Angus: ‘When a model isn’t performing, it’s tempting to put it down to lack of data. Throwing huge amounts of poor data at the problem is rarely a good option. The data has to be high quality, varied and realistic. For example, there is little point in training a model on crudely created synthetic data for a live system. The rules used to generate the data will be learned by the model and impact the results in production. Working closely with your clients is crucial to help structure their data and build trust to securely share real (from source) data.’

Myth 3:

Machine Learning models will make sense of our messy data.

Time for a clear out…

Ian: ‘We are often asked to review a client’s data to see ‘what’s in it’. We often find missing, incomplete or inaccurate data — which could stem from human error, data management issues, inconsistencies in process and other reasons the client may not be aware of. Machine learning models cannot turn incomplete or missing data into valuable insights.

Before feeding data sets into a machine learning application, you must ensure your data is accurate, consistent and useful enough for a model to learn from. Anomaly detection models rely on consistencies — so if everything is an anomaly the whole process becomes superfluous.

Rather than starting with machine learning, a data management overhaul or a knowledge management exercise may be the best solution for you.’

Myth 4:

Using models that were released open-source will always save you money.

Angus: ‘It is exciting to see so many companies, research teams, and individuals release their trained models online.
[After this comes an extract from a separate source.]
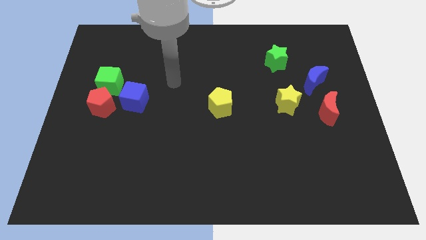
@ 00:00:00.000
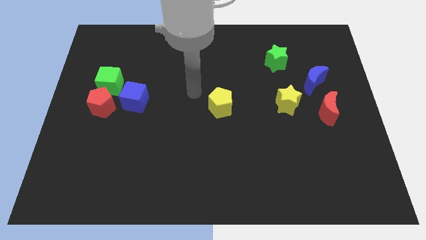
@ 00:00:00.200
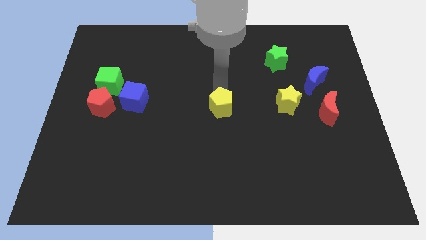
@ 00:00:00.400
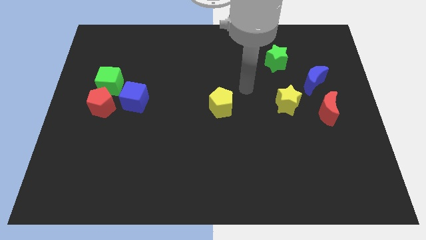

I frequently test these and in some projects they work brilliantly, saving both time and money. They often need fine-tuning or completely re-trained with real data, and this is one of the traps. Even if the model is released by a big name like Google, you don’t know the design decisions behind its development. We often hear about data bias issues but this is a slightly different problem. Instead of biases in the data, I am talking about decisions that the creators made, often subconsciously, while developing the model. To illustrate this, I have played “Cat or Not Cat” with a few audiences (which I saw Cassie Kozyrkov play at World Summit AI 2019) and got the same results. Here it is:

Running through the six images, I ask the audience to shout either “cat” or “not cat”. The first five pictures go smoothly, the audience agree. Then on picture six, the lion, the audience shout a jumbled mix of answers! These include: cat, not cat, big cat, lion, cat-ish, etc… Now this is a binary classification (there were only two options), but every person has their own opinion on which bucket to put the lion in. The answer of course depends on the use-case, but unaware companies may implement published models, like this one, without concern if they are from a trusted source.

Decisions like these can be CATastrophic if a model is put directly into production. Models need to be tested rigorously with real data to avoid unexpected costs and issues.’

Myth 5:

AI will make me redundant.

Upgrading is compulsory.

Ian: ‘We hear this a lot, even in client meetings. This is a genuine concern but is based on the idea that AI/machine learning models will replace humans. Though this is undoubtedly true in some circumstances, mostly factory robotics and automated processes, it also provides new job opportunities. In most cases implementations will be in the form of assistive technology. In these cases associated jobs and skills can be improved, removing mundane tasks and allowing a more creative and fulfilling approach to problem solving, process management as well as improving productivity.

As we are now at the beginning of the technological revolution, societal change will undoubtedly take place as shown throughout history. Technology will drive everything from education to working practices, production and healthcare, and will help us find solutions to many of the global problems we face.’

--

--